Requirement:
Transcribe every entry word for word, but skip the images.

Provided material Block Start

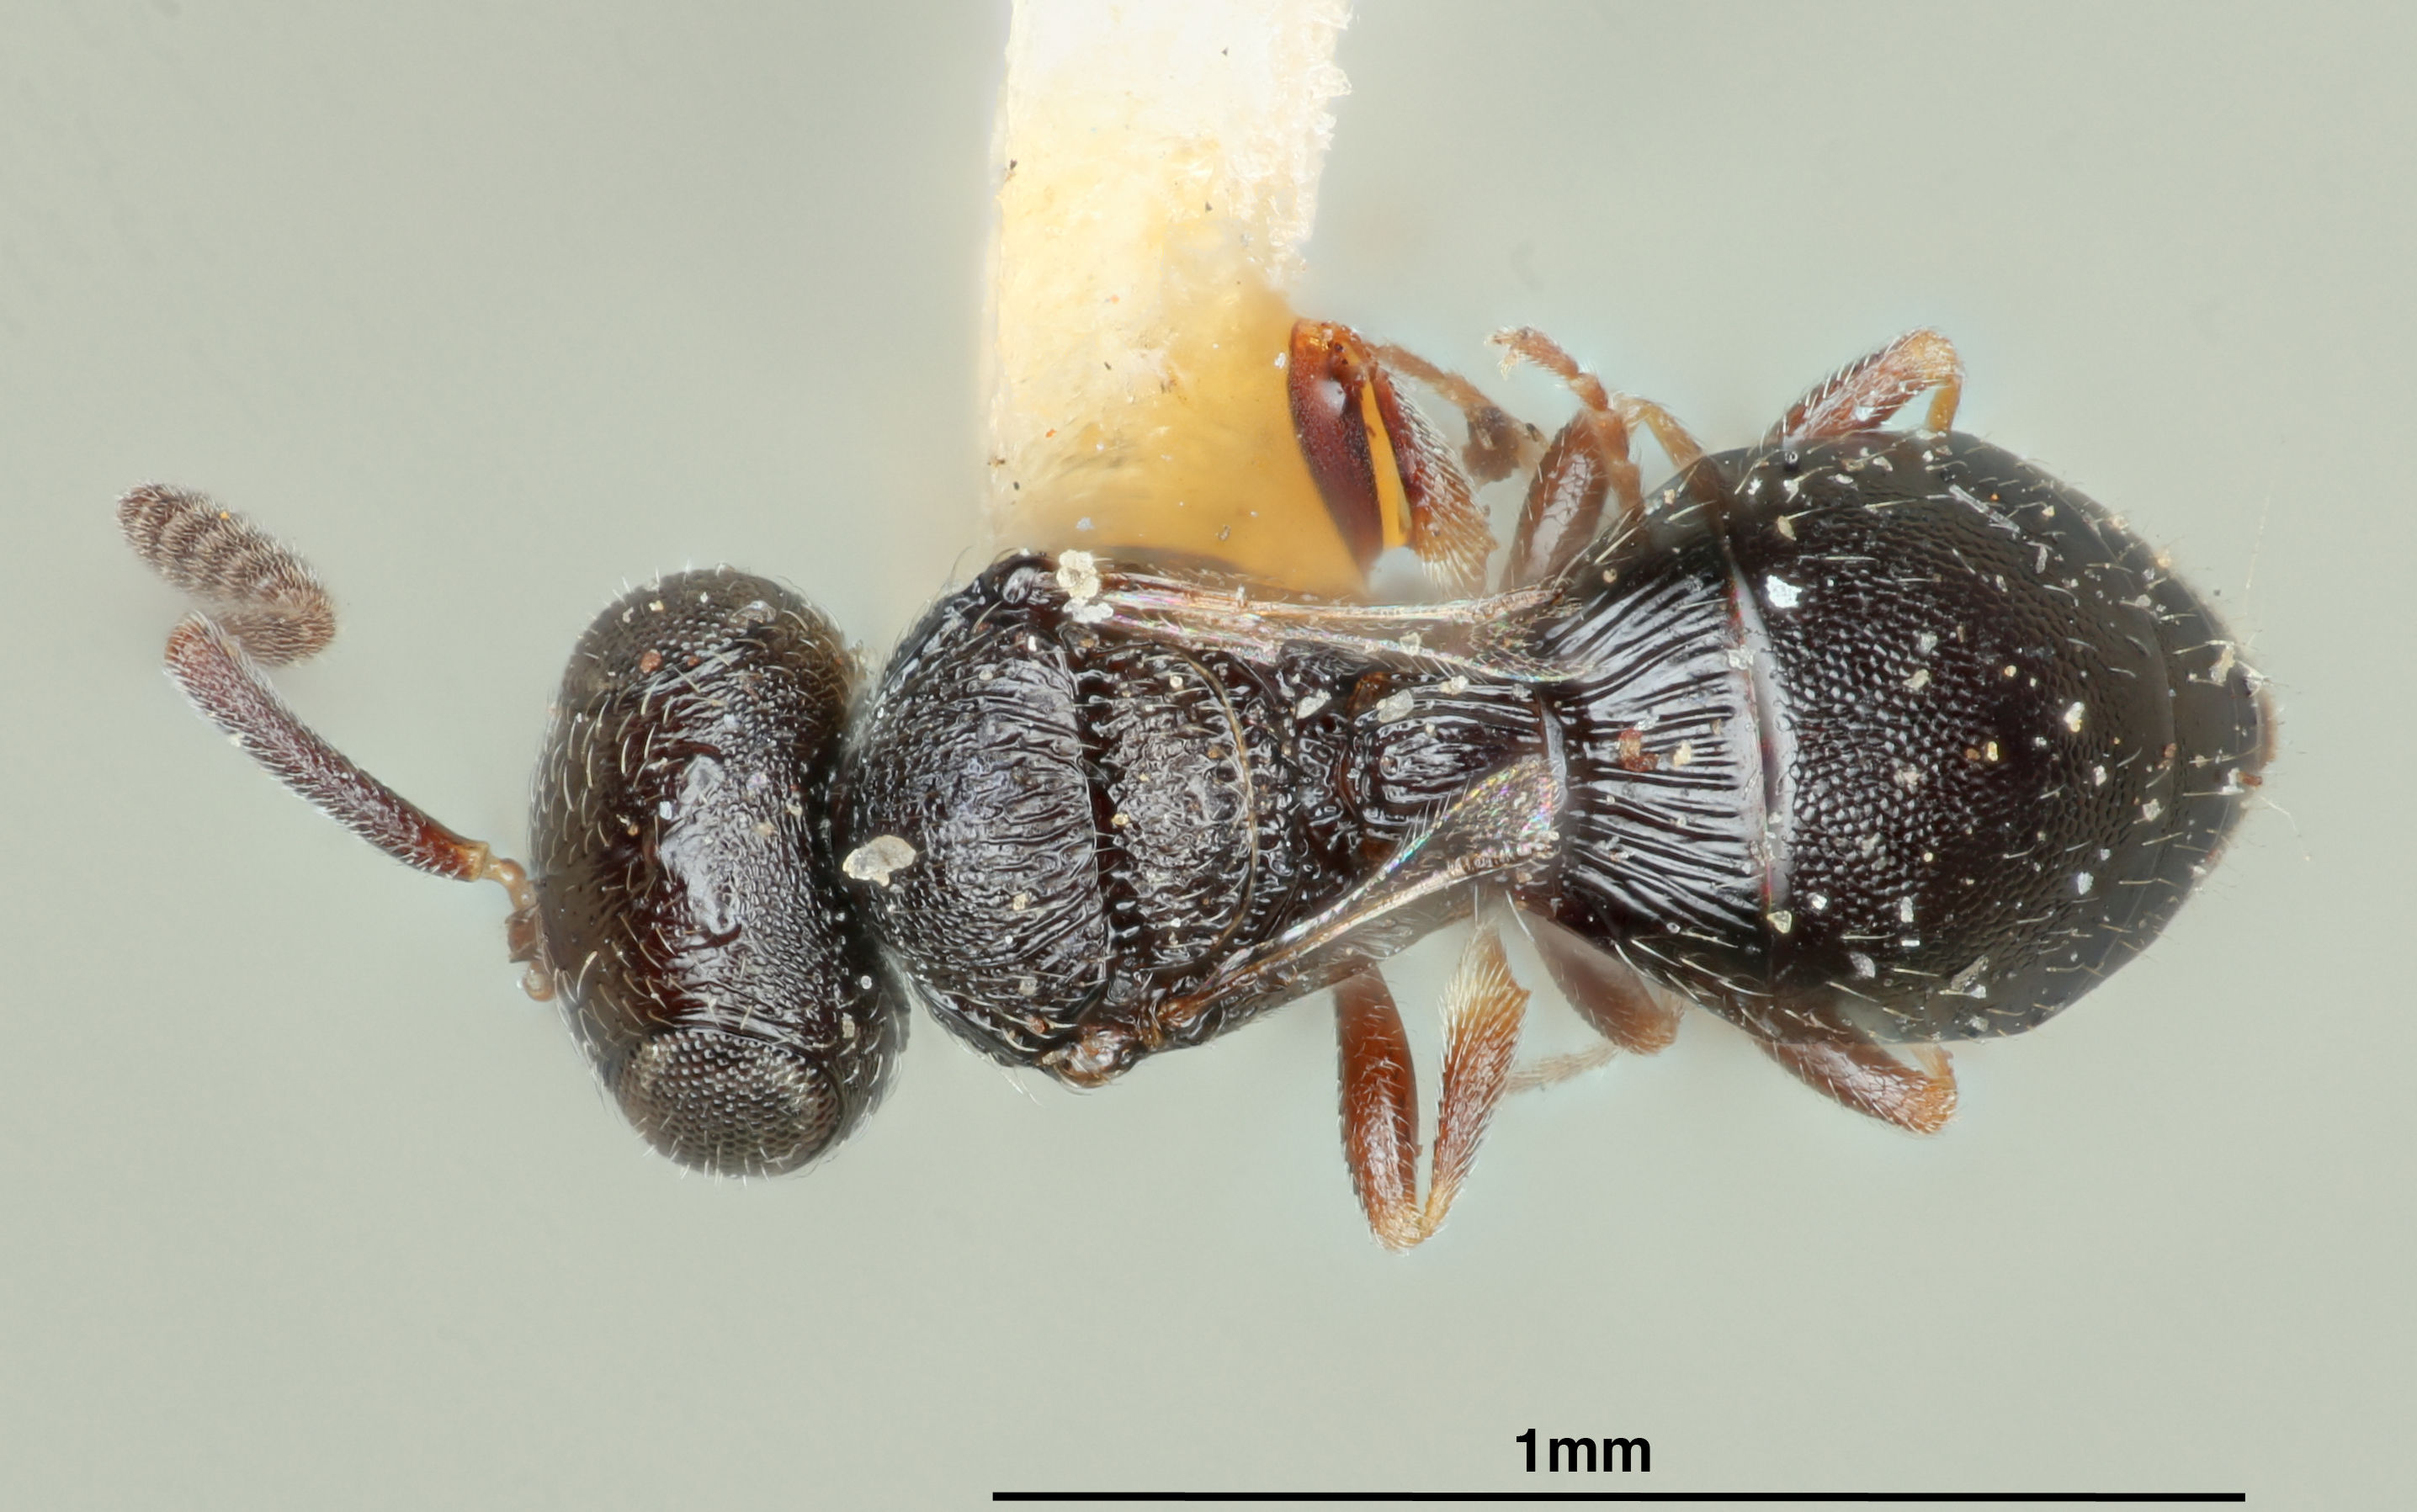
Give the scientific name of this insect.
Prosacantha utahensis
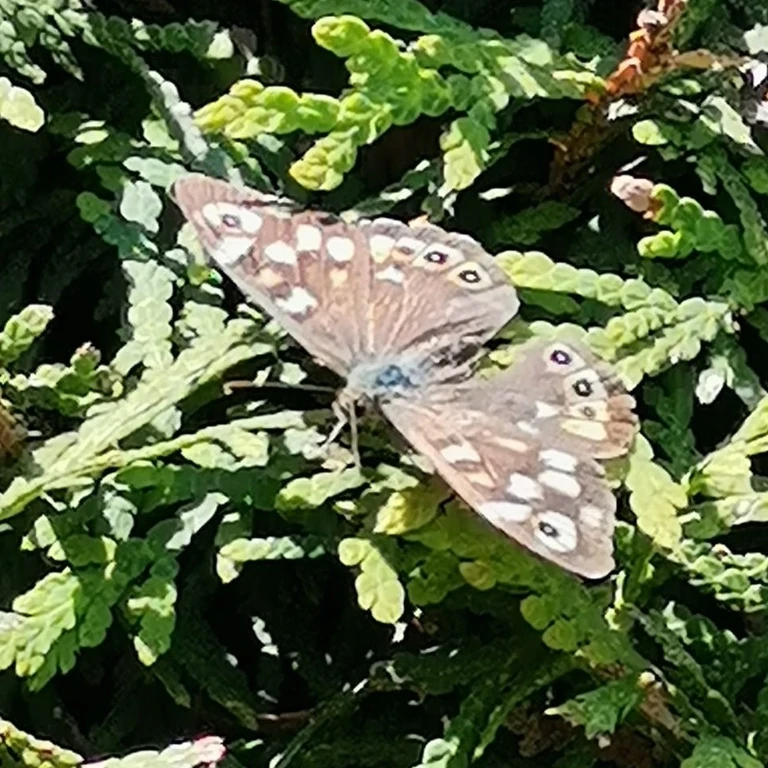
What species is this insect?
Pararge aegeria
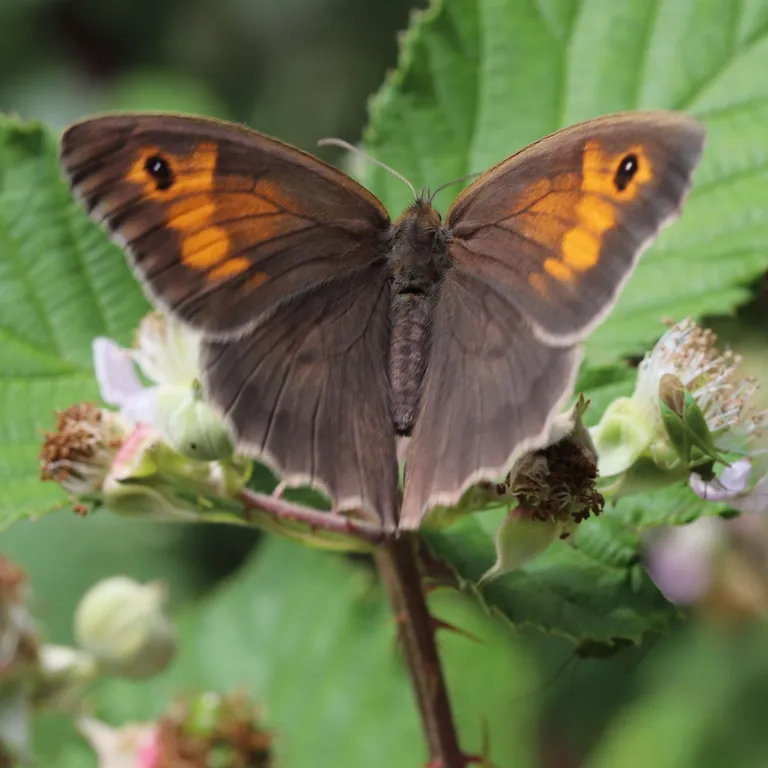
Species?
Maniola jurtina
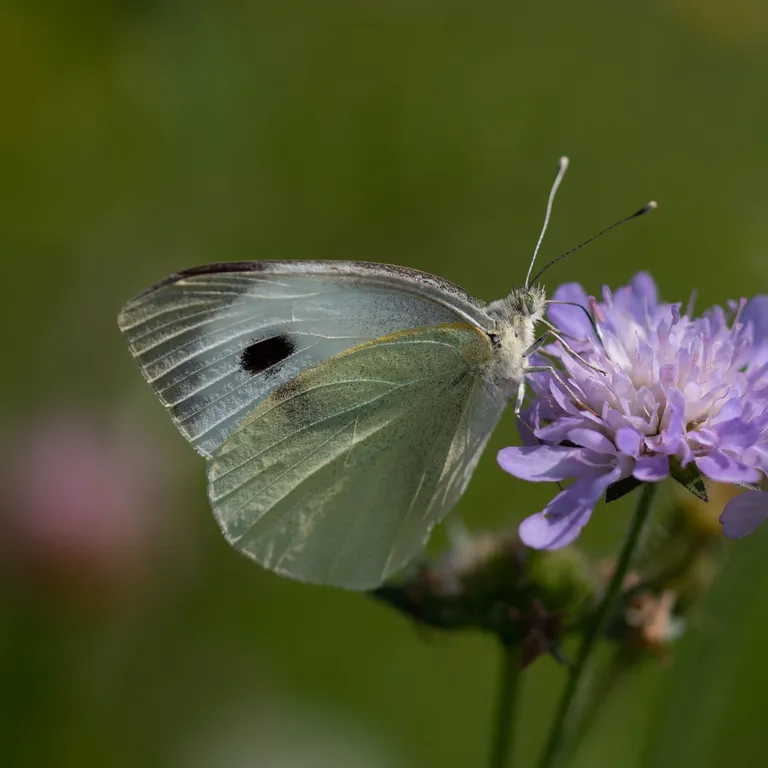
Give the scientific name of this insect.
Pieris brassicae
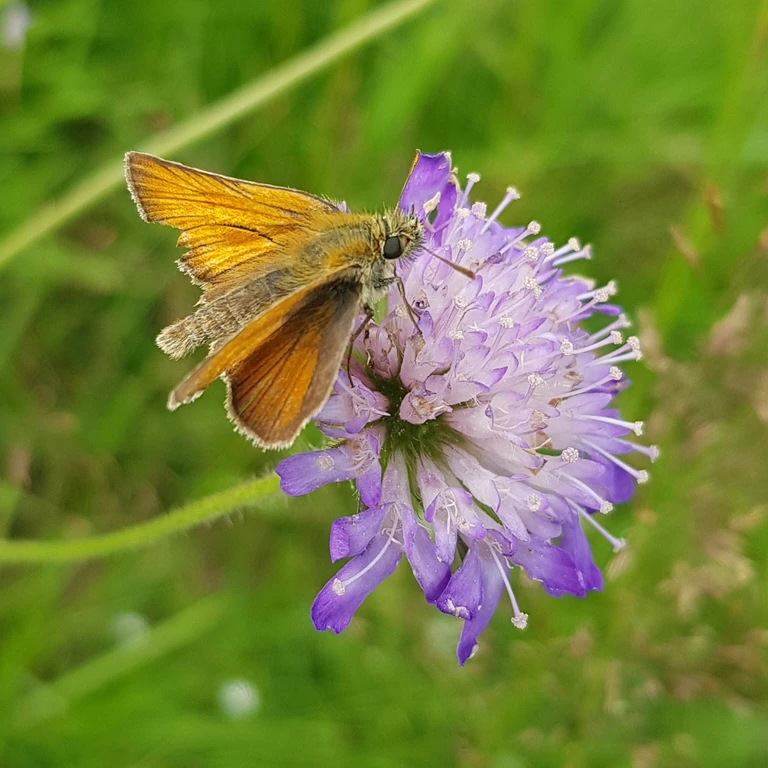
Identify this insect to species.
Thymelicus sylvestris

Provided material Block End

Completed task:
Give the scientific name of this insect.
Prosacantha utahensis
What species is this insect?
Pararge aegeria
Species?
Maniola jurtina
Give the scientific name of this insect.
Pieris brassicae
Identify this insect to species.
Thymelicus sylvestris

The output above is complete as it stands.